Design Article

Hardware crucial for mobile DSPs

Mike Fleming, President, DSP Architectures, Vancouver, Wash.

2/21/2002 9:42 AM EST

Hardware crucial for mobile DSPs

The challenge for the wireless world is to find a way to deliver needed functionality along with channel bandwidth while consuming the least amount of power. A mobile DSP architecture must have a capable array of functions, which relate to extracting information from the sampled signal, to be able to perform the required applications adequately.

Mobile digital signal processing requires fast and accurate processing. That usually means the user has to be aware of, and automatically manage, the gain throughout the processing. Each sampled word at the input carries the accuracy of the A/D converter; a 14-bit A/D represents as much as 84 dB of signal to noise. After the analog-to-digital conversion, the subsequent digital signal processing must maintain the valuable signal to noise. That requires adequate binary precision throughout the digital processing.
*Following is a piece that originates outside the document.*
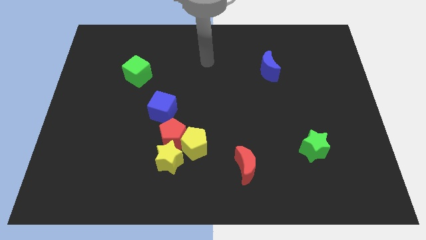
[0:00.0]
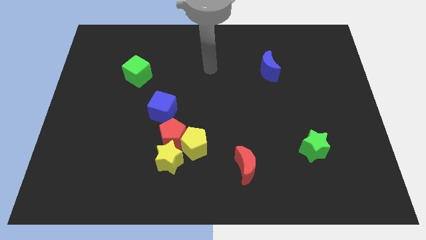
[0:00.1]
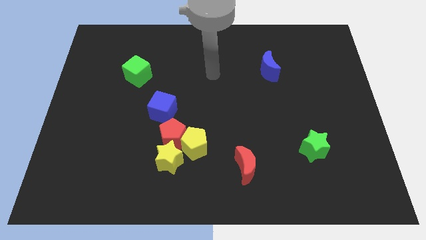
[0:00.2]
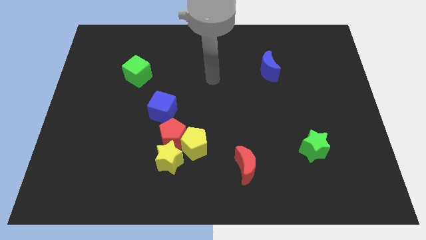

Additionally, the more involved operations, such as butterflies, usually process the same data many times; and since the butterfly operation has digital gain by as much as 1 bit for every time it is used-more for the higher-radix butterflies-the data must be scaled back to the precision of the operation. Scaling can take as much as 6 dB from the sampled signal, thus requiring sufficient bit precision by the digital signal processor.

DSP is at the same crossroads as the microprocessor was back in the early 1980s, and there are many architectures vying for the crown. It will go to whichever architecture scales smoothly up and down the spectrum of emerging applications at the chip, board, unit and system level. Examining application scaling from the system level down, seamless interfacing at all levels involves removing any bottleneck from the free flow of data as it is processed. To achieve smooth processing flow in DSP applications, the system architect is wise to build around the dominant functional structures and the adequate feeding of those structures.

Classically, signal processing has rallied around the concept of convolution for filtering and several other applications. Digital signal processing not only uses convolution but also takes it further thanks to the genius of the Fourier transform and its modern implementation: the fast Fourier transform (FFT). Applications that use the FFT can require logarithmically fewer operations.

Any DSP architecture that properly uses the FFT as its dominant data structure not only enjoys its legendary efficiency but also gets entry into the frequency domain as a windfall. The frequency domain brings new insights and concepts all but impossible in the time domain.

A few of those enabling abilities are:

  • concurrently tracking the phase, amplitude and frequency of multiple signals-possibly even thousands of signals-over time;

  • dynamically equalizing a communication channel while avoiding the corrupted areas of the spectrum-again, possibly thousands of channels; and

  • correlating two-dimensional and three-dimensional images to give "eyes" to the emerging real-time visual world of the Internet and its promised virtual reality.

With chips carrying 100 million or even a billion transistors on the immediate horizon, the implementation of very-high-radix butterfly structures and their supporting functions are possible at the silicon level. To meet the desire for scalability at the silicon, board, unit and system levels, these structures need to be modular and easily cascaded in a step-and-repeat manner. The bottom line for any architecture is its efficient performance of the required applications while preserving the desired information.

It is paramount in mobile DSP applications to minimize power requirements-and it all starts at the silicon level. Every chip dissipates power by the formula P=(C)(V 2)(F), where P is the power, C is the capacitance, V is the voltage and F is the frequency. Examining this formula shows that the dominant term is the voltage; the power dissipation goes up by its square. This explains the chip industry's continual progression to lower and lower voltages to maintain an acceptable chip package size. This lower voltage usually comes from the continued shrinking of chip geometries.

If the selected architecture

can be quickly applied to these smaller and smaller chip geometries, through a step-and-repeat process, the overall system power dissipation will also shrink.

The driving cost of wireless software engineering continues to be a top concern. The military has a motto that essentially says that if you want it to work, have it implemented in hardware. In real-time DSP systems the software requirements are truly demanding. The sampled signal will not wait for slow interrupt responses and bulky operating systems. Any architecture that addresses and minimizes these demands on the software with high-value hardware structures will go a long way toward setting a standardized platform.

Stepping blocks

During microprocessors' most rapid rise, a concept called in-circuit emulation helped the embedded community immensely by placing the microprocessor in the actual target environment, where it could be stimulated by the actual signals it would see once deployed. With a step-and-repeat modular architecture and the quantum leaps in capability of the current hardware-simulation languages such as VHDL, a modern real-time DSP system can in most cases be simulated from end to end by adding the proper number of the step-and-repeat blocks as required by the application.

Application software development is critical with any enabling technology; as problems are solved a library of techniques and routines is built to give the industry insight into many application possibilities. If the DSP architecture is truly scalable, these techniques and routines will mesh into increasingly valuable structures as building blocks for the next emerging application. The winning DSP architecture will facilitate a road map dotted with a long succession of killer applications.